··· SUPPLIED RECORDS

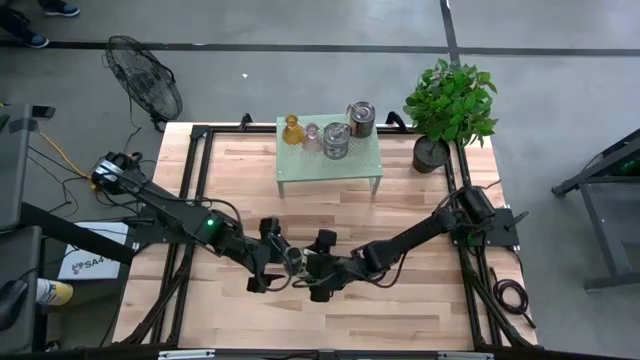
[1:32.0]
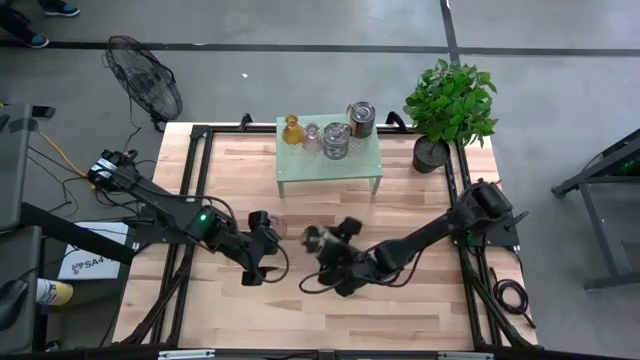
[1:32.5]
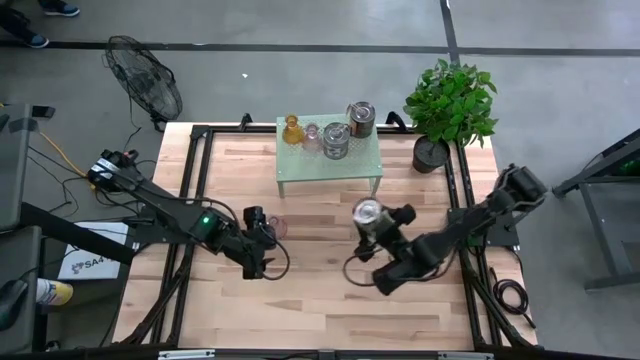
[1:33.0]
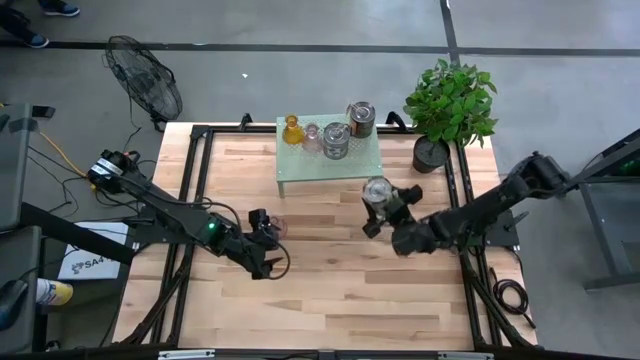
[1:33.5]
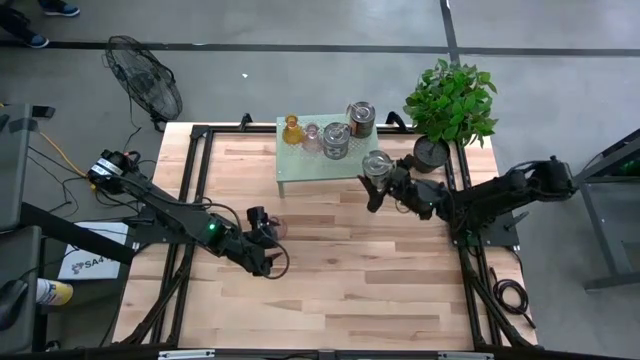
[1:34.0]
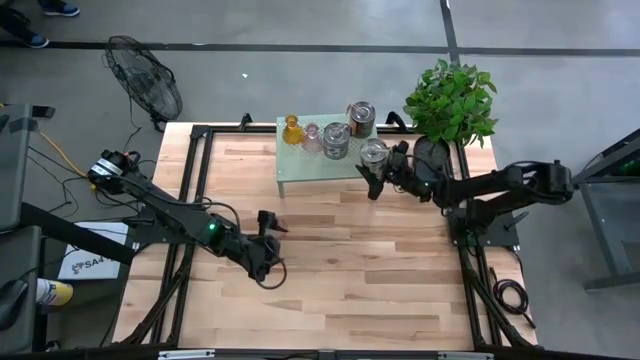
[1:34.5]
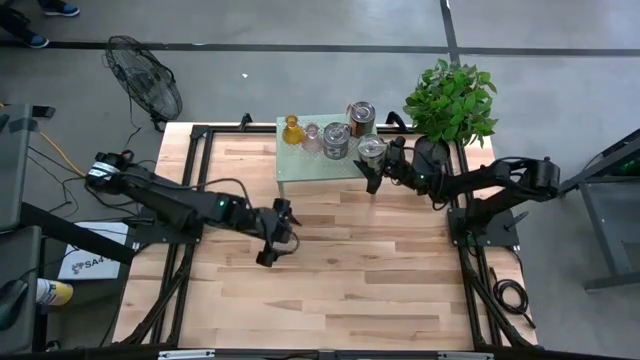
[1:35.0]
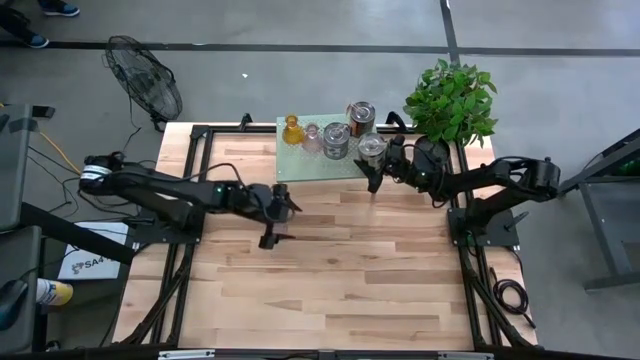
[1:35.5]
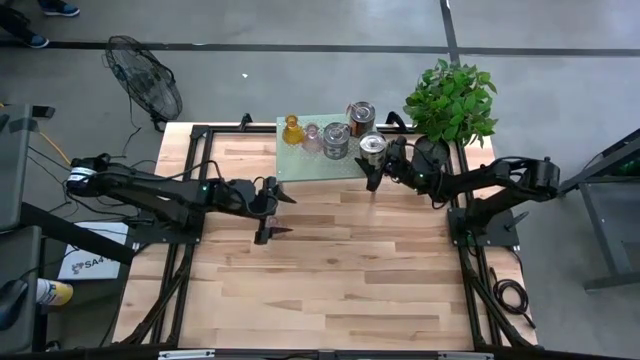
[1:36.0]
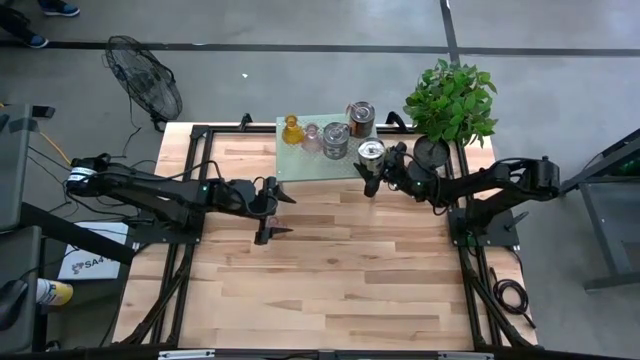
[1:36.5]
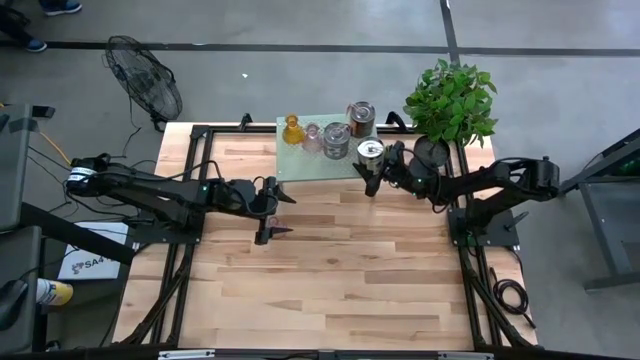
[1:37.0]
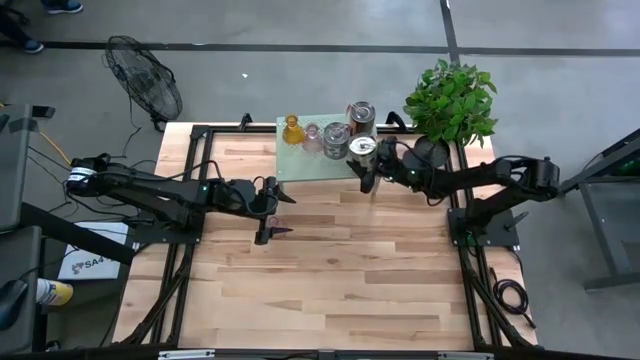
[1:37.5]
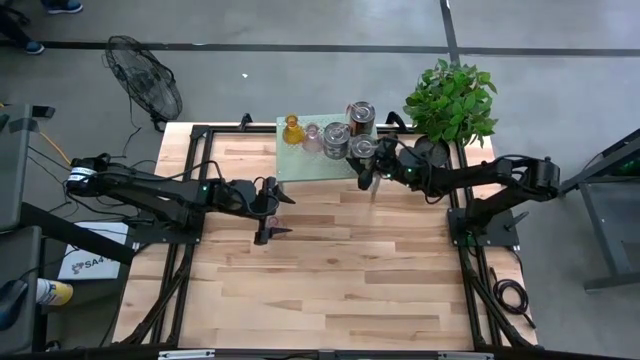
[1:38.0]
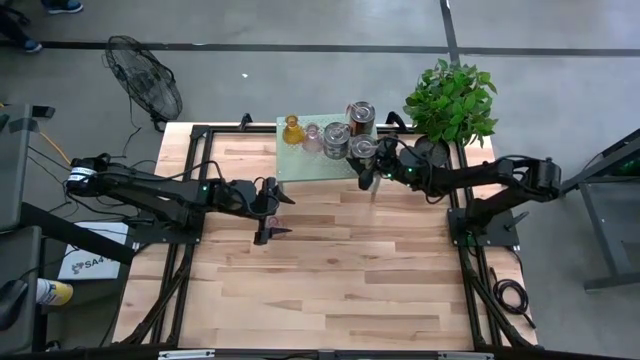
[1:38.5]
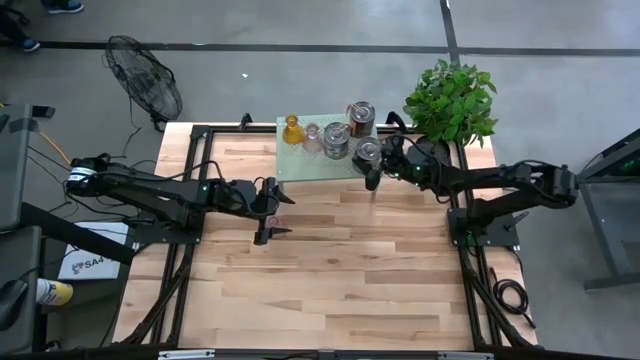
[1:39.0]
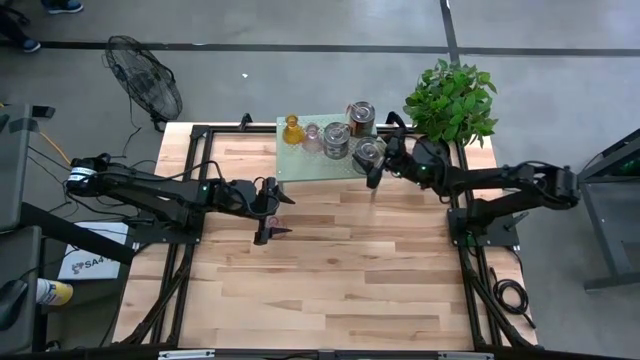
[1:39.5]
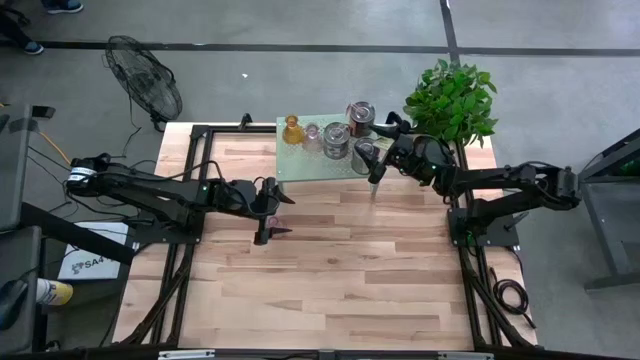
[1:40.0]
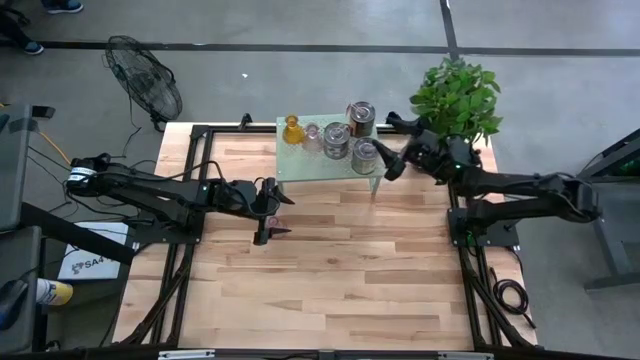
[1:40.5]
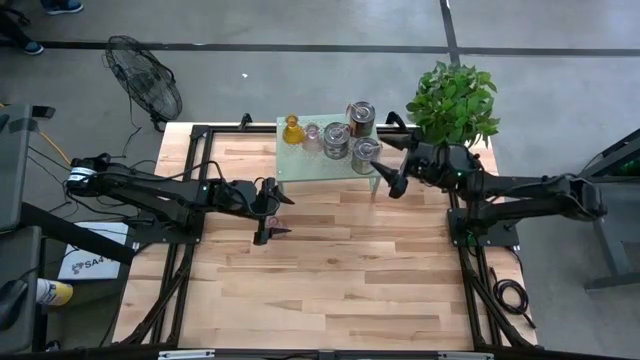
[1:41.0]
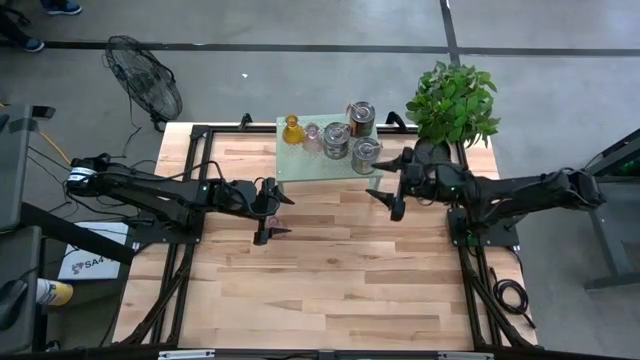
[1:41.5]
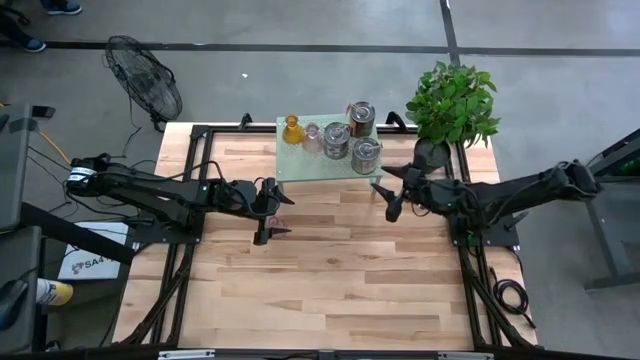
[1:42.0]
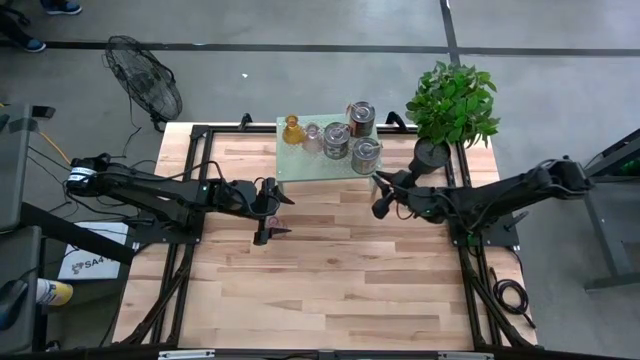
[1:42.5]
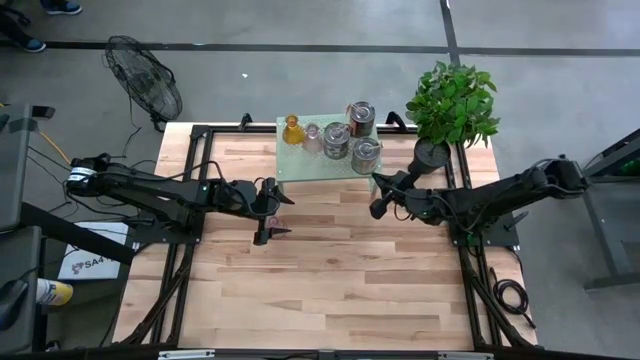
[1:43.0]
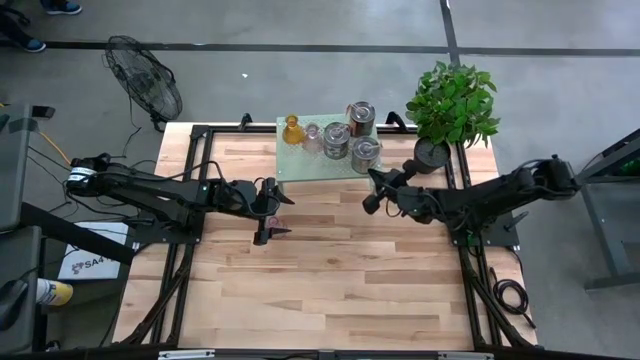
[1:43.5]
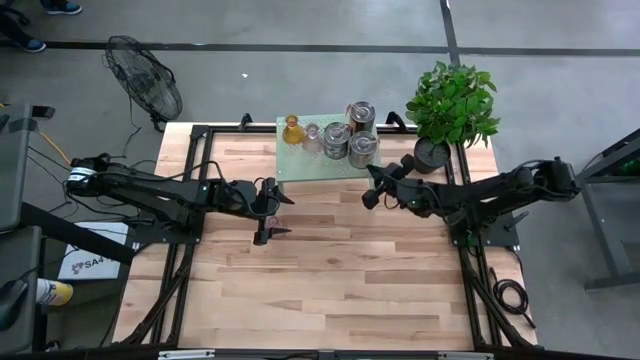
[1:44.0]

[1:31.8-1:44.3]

······

# REQUIRED WORK
The listing above should be repeated word for word, with every image left out.

# ANSWER FOR THE TASK
[1:32.0]
[1:32.5]
[1:33.0]
[1:33.5]
[1:34.0]
[1:34.5]
[1:35.0]
[1:35.5]
[1:36.0]
[1:36.5]
[1:37.0]
[1:37.5]
[1:38.0]
[1:38.5]
[1:39.0]
[1:39.5]
[1:40.0]
[1:40.5]
[1:41.0]
[1:41.5]
[1:42.0]
[1:42.5]
[1:43.0]
[1:43.5]
[1:44.0]

[1:31.8-1:44.3]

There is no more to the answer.